Collected data:
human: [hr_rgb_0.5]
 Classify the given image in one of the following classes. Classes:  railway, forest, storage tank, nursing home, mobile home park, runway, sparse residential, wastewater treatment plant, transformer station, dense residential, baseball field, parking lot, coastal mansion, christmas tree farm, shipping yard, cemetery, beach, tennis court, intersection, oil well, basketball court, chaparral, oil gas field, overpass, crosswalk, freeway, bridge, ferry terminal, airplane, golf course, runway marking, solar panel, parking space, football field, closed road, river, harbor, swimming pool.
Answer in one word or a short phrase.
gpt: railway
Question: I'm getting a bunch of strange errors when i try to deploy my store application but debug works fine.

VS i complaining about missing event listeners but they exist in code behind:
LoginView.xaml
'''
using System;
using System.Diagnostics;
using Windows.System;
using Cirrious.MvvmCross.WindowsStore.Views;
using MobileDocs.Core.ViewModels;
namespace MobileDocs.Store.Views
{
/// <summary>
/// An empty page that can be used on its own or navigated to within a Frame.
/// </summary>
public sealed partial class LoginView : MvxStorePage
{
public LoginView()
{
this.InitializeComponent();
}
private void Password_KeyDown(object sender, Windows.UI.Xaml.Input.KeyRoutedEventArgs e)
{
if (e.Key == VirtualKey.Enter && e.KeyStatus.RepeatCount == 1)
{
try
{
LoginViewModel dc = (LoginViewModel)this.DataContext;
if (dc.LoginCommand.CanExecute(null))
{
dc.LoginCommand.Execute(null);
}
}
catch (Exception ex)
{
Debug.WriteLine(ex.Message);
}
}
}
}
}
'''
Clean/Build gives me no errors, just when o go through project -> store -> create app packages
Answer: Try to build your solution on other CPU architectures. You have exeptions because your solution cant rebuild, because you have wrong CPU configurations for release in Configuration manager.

Assigned task | Could you transcribe all of the data exactly as it is given?

Your solution |
human: [hr_rgb_0.5]
 Classify the given image in one of the following classes. Classes:  railway, forest, storage tank, nursing home, mobile home park, runway, sparse residential, wastewater treatment plant, transformer station, dense residential, baseball field, parking lot, coastal mansion, christmas tree farm, shipping yard, cemetery, beach, tennis court, intersection, oil well, basketball court, chaparral, oil gas field, overpass, crosswalk, freeway, bridge, ferry terminal, airplane, golf course, runway marking, solar panel, parking space, football field, closed road, river, harbor, swimming pool.
Answer in one word or a short phrase.
gpt: railway
Question: I'm getting a bunch of strange errors when i try to deploy my store application but debug works fine.

VS i complaining about missing event listeners but they exist in code behind:
LoginView.xaml
'''
using System;
using System.Diagnostics;
using Windows.System;
using Cirrious.MvvmCross.WindowsStore.Views;
using MobileDocs.Core.ViewModels;
namespace MobileDocs.Store.Views
{
/// <summary>
/// An empty page that can be used on its own or navigated to within a Frame.
/// </summary>
public sealed partial class LoginView : MvxStorePage
{
public LoginView()
{
this.InitializeComponent();
}
private void Password_KeyDown(object sender, Windows.UI.Xaml.Input.KeyRoutedEventArgs e)
{
if (e.Key == VirtualKey.Enter && e.KeyStatus.RepeatCount == 1)
{
try
{
LoginViewModel dc = (LoginViewModel)this.DataContext;
if (dc.LoginCommand.CanExecute(null))
{
dc.LoginCommand.Execute(null);
}
}
catch (Exception ex)
{
Debug.WriteLine(ex.Message);
}
}
}
}
}
'''
Clean/Build gives me no errors, just when o go through project -> store -> create app packages
Answer: Try to build your solution on other CPU architectures. You have exeptions because your solution cant rebuild, because you have wrong CPU configurations for release in Configuration manager.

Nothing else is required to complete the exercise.